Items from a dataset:

* * *

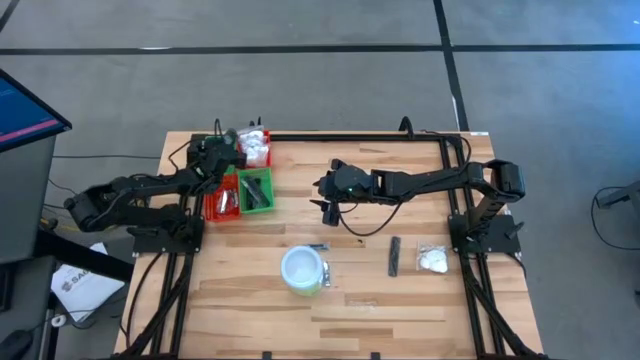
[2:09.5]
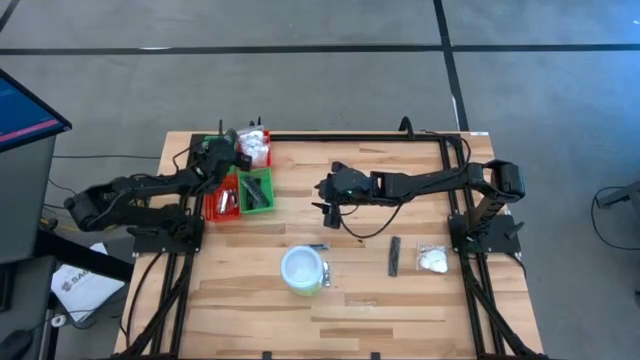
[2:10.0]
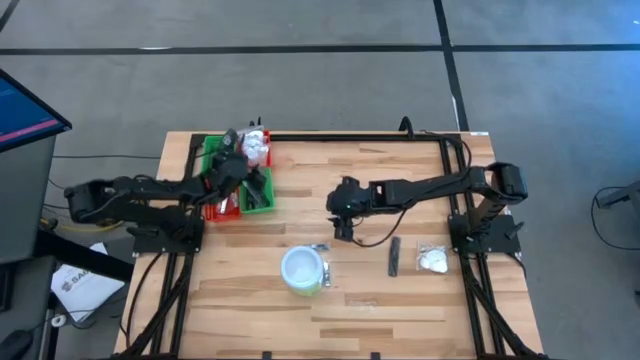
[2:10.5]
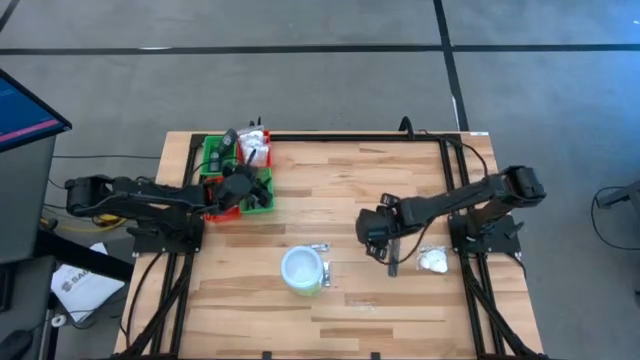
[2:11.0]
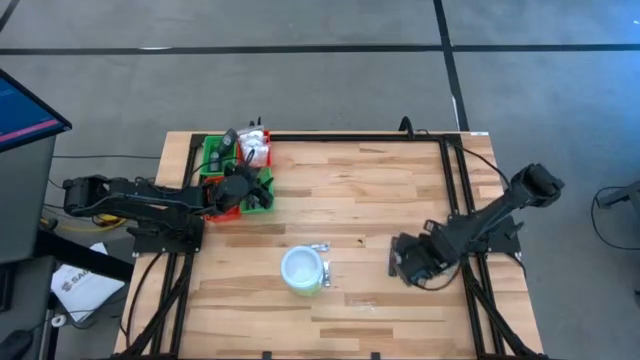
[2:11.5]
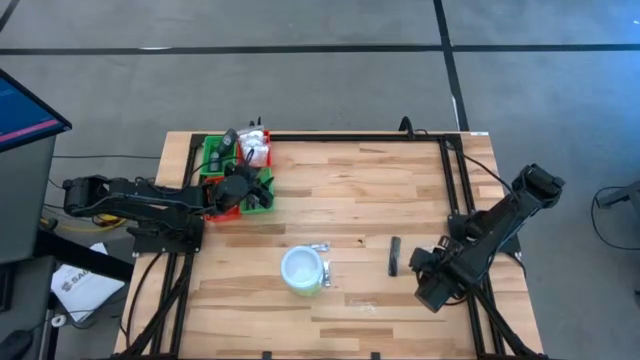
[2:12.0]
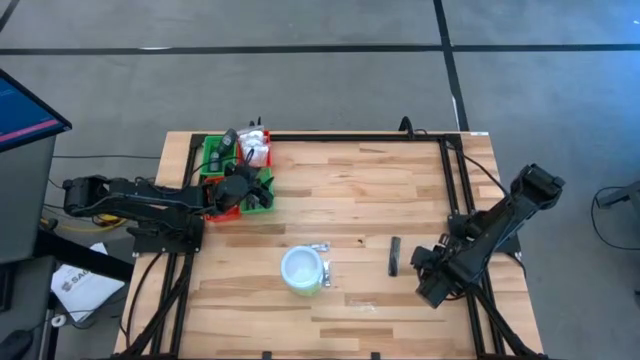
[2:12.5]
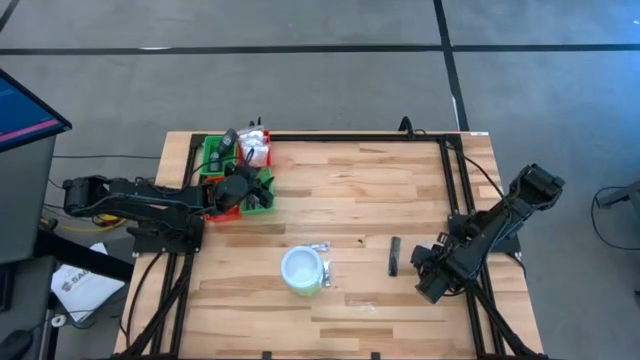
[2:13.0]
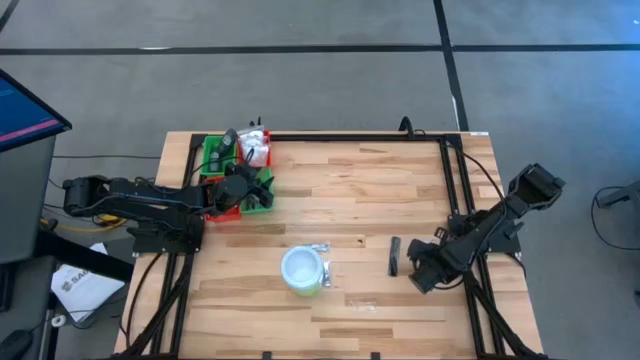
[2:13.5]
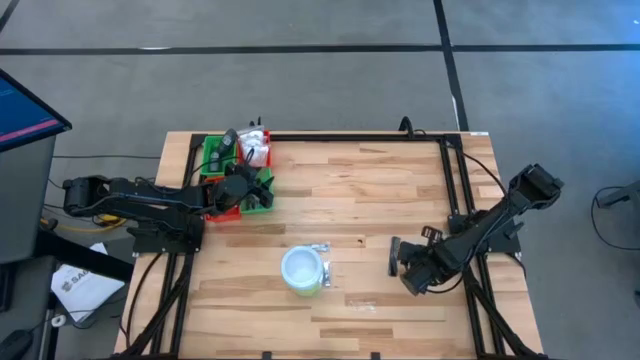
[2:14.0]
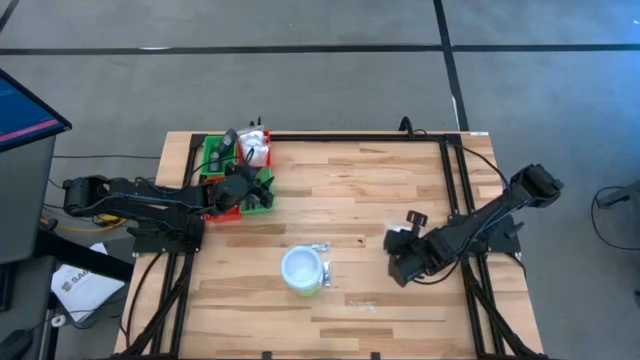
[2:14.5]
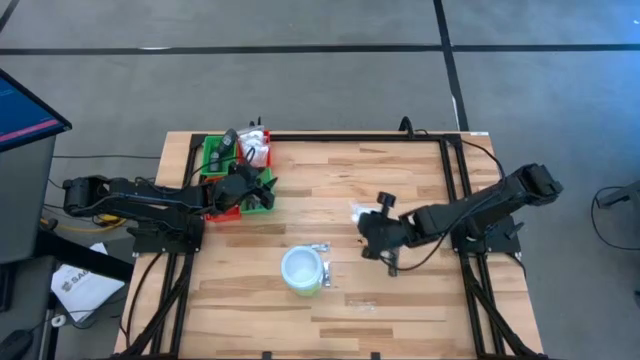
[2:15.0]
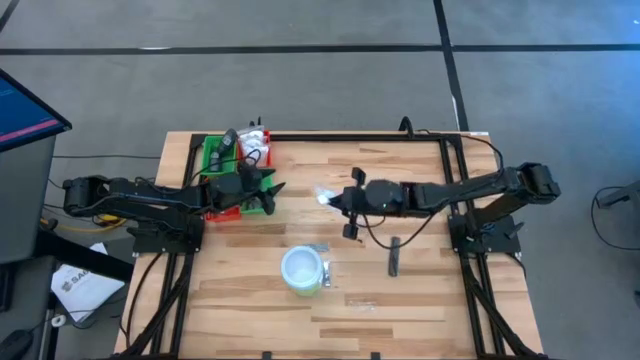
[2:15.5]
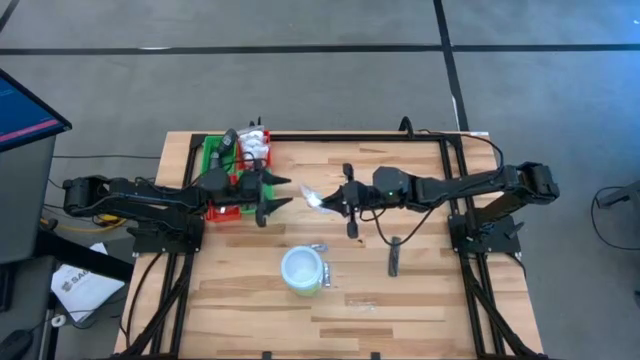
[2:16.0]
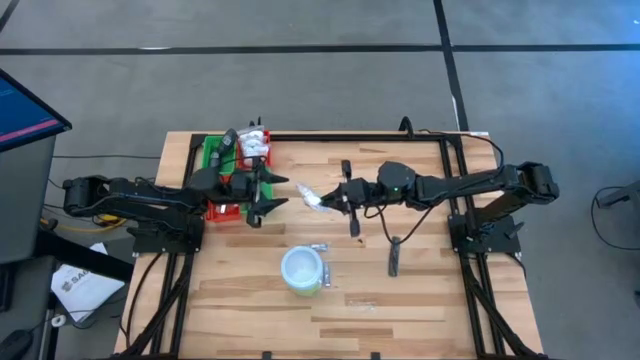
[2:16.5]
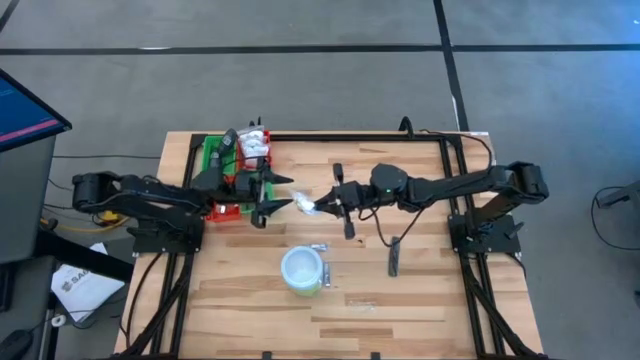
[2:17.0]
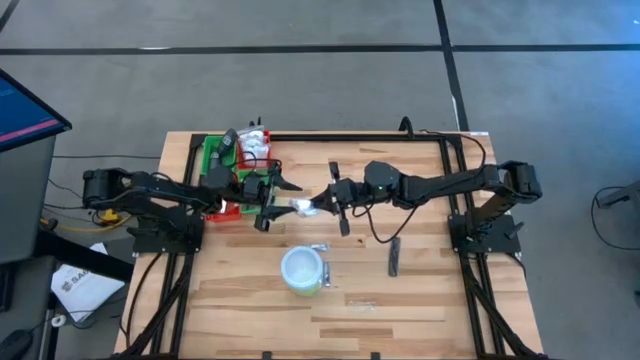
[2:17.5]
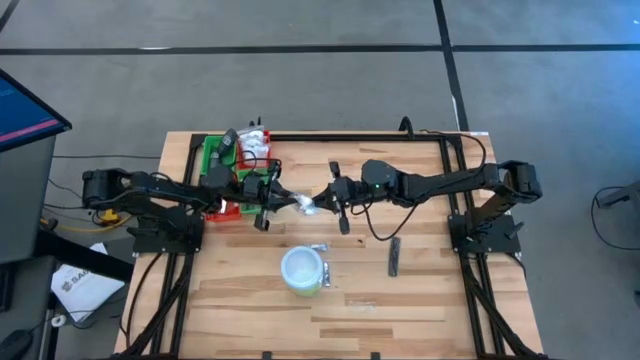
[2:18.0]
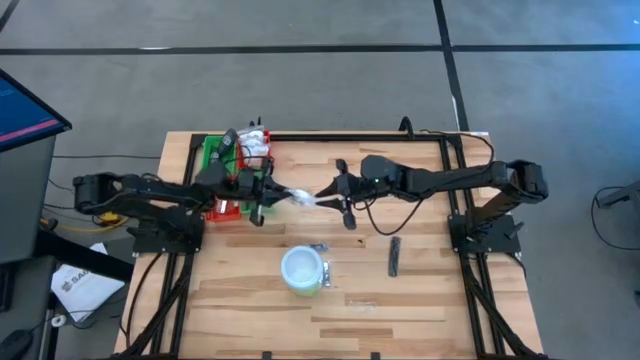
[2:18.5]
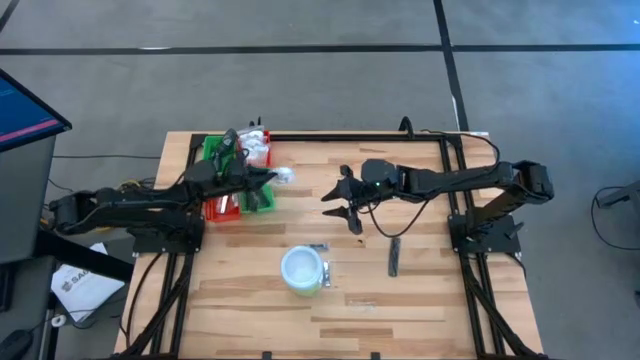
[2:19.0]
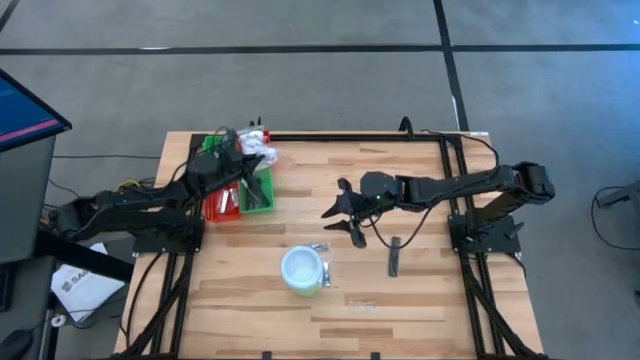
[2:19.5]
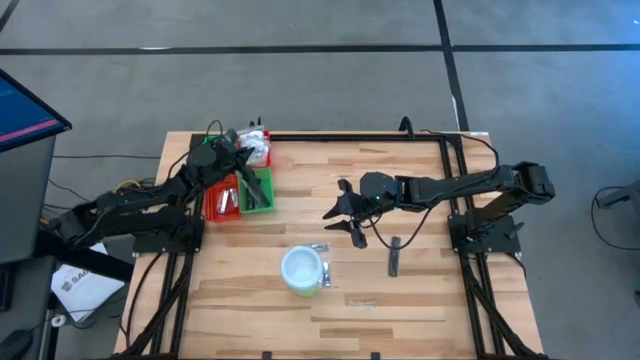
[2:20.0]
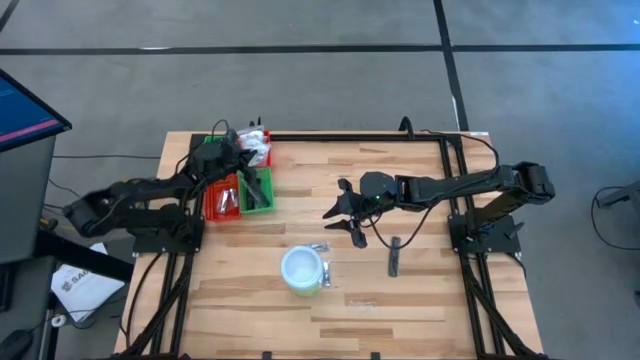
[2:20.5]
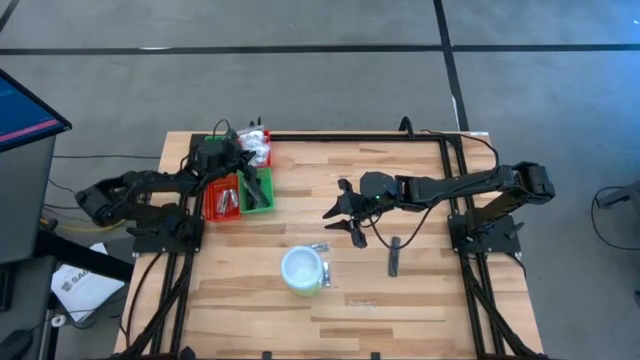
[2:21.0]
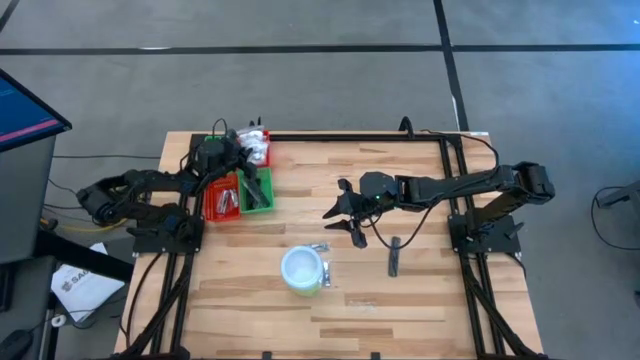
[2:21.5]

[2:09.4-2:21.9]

* * *

-- Task --
The response should contain every record above exactly as written, and none of the pictures.

-- Task answer --
[2:09.5]
[2:10.0]
[2:10.5]
[2:11.0]
[2:11.5]
[2:12.0]
[2:12.5]
[2:13.0]
[2:13.5]
[2:14.0]
[2:14.5]
[2:15.0]
[2:15.5]
[2:16.0]
[2:16.5]
[2:17.0]
[2:17.5]
[2:18.0]
[2:18.5]
[2:19.0]
[2:19.5]
[2:20.0]
[2:20.5]
[2:21.0]
[2:21.5]

[2:09.4-2:21.9]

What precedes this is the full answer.